Grazie a questa unità soggetto/oggetto si può osservare, senza la distorsione dell'ego provocata dall'interesse personale, la realtà intera che comprende se stesso mentre interagisce con l'oggetto osservato.
E' l'unico modo per comprendere la realtà, quella di osservarla da una ottica universale, con distacco ed imparzialità, da un disilluso sguardo cosmico.

Alimentata dallo spirito critico la ricerca esistenziale è il superamento della separazione tra il proprio ego ed il tutto, possibile quando il soggetto non si identifica più con l'ego.

Il fulcro della questione consiste nel disinnescare quel meccanismo che lega la mente e ogni suo pensiero a quel centro di appropriazione che è l'ego.
Soltanto se impariamo a guardare le cose con equanimità, senza l’interesse, senza l’avidità, senza l’ingordigia dell’ego, l’uomo può essere tutt'uno con il mondo.
L'equanimità è uno stato mentale che trascende l'ego, i propri pensieri e ci si sente  come parte del Tutto. Solo così il Tutto viene accettato così come è, distaccato dai pensieri indotti dai nostri pregiudizi.
La capacità di distaccarsi e osservare con distanza se stessi, evitando qualsiasi identificazione con il proprio operato, permette al soggetto di ricongiungersi con il resto del mondo.
Il Tutto comprende allora le polarità come amore/odio, vita/morte, sofferenza/piacere, etc. Un processo mentale che cerca di trovare un equilibrio dinamico nel mondo che si vive senza giudicarlo, pur vivendo tra queste dicotomie.

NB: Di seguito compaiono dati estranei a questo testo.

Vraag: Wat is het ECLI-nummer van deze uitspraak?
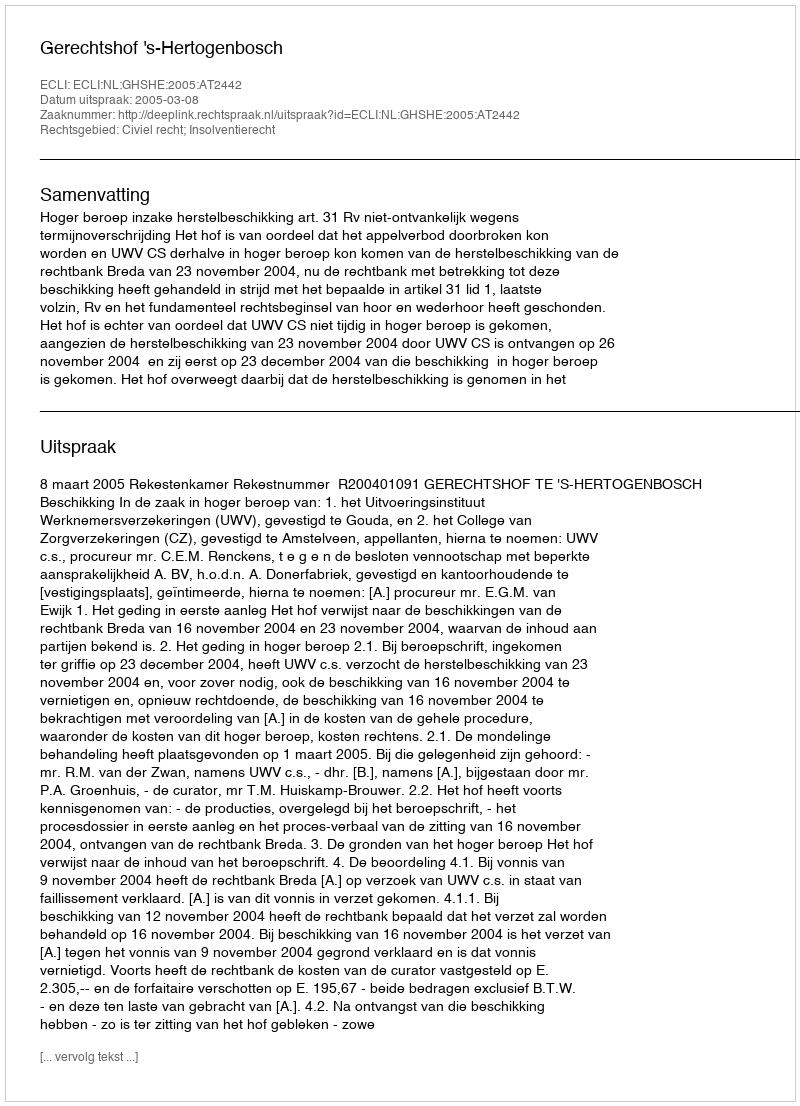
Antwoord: ECLI:NL:GHSHE:2005:AT2442

La ricerca dell’Uno, della completezza è la ricerca dell'unità degli opposti "dentro di me/fuori di me", "soggetto che osserva/oggetto osservato", "io come parte/mondo come tutto", verità/falsità".
Svanita la separazione tra soggetto ed oggetto e svanita la identificazione tra soggetto e l'ego, esiste soltanto quello che c’è, dove Tutto è Uno. L'unità del tutto. La vita nella sua totalità, così come è in ogni momento.
E' possibile così avere più punti di vista, potersi mettere nei panni degli altri, criticare il proprio operato, comprendere l'altro come se stesso, aprirsi a tutte le possibilità che la vita ci offre, insomma sentirsi tutt'uno con il mondo e non una parte separata.
Con questa visione la presenza sta già abbracciando tutto. Il pensiero non nega niente, non resiste a niente. Accetta la manifestazione della gioia ma anche della sofferenza.
L’accettazione di tutto ciò che è, consiste nello sguardo sulla realtà intera, la natura stessa delle cose così come sono nel loro divenire, senza farsi illusioni.
Le cose accadono in un processo probabilistico, di possibilità e non più determinate dal principio di causa ed effetto.

Pensiamo che tutto dipende da cosa sentiamo dentro di noi. Questa è la verità? Ma nel momento in cui noi crediamo di dire la verità, appena la nominiamo non c'è più. La verità è inafferrabile.

La realtà può essere descritta interamente solo come compresenza di enti contrapposti, complementari e correlati tra loro; una descrizione in cui si manifesta la realtà intera non semplificata da schemi, ma colta nel suo contatto con il tutto, dalla vivente relazione di elementi contrastanti, senza un tempo univoco, in un gioco di probabilità di eventi che possono accadere nello stesso momento. Nel non-dualismo non esiste la verità o la falsità assoluta ed univoca. E non può essere altrimenti, perché la realtà stessa è contraddittoria, ambivalente ed incerta, dotata di una complessità ed interdipendenza difficile da analizzare nella sua totalità che resta un mistero.

La ricerca in questo contesto filosofico si muove lungo una polarità dove il ricercatore deve essere consapevole che nel momento in cui studia con la sua teoria e strumenti un fenomeno, ha già condizionato il risultato finale della ricerca. Allora lo stesso ricercatore non si deve identificare con i risultati della ricerca fatta.
Meglio osservare da più punti di vista un fenomeno da studiare, con i pro e i contro e con diversi quadri di riferimento che si presentono ogni volta, dove il risultato finale non è una verità accertata ma possibile. Non c'è determinismo ma un processo probabilistico dove le cose accadono in una miriade di possibilità.
Nel mistero dell’esistenza le cose sono incerte.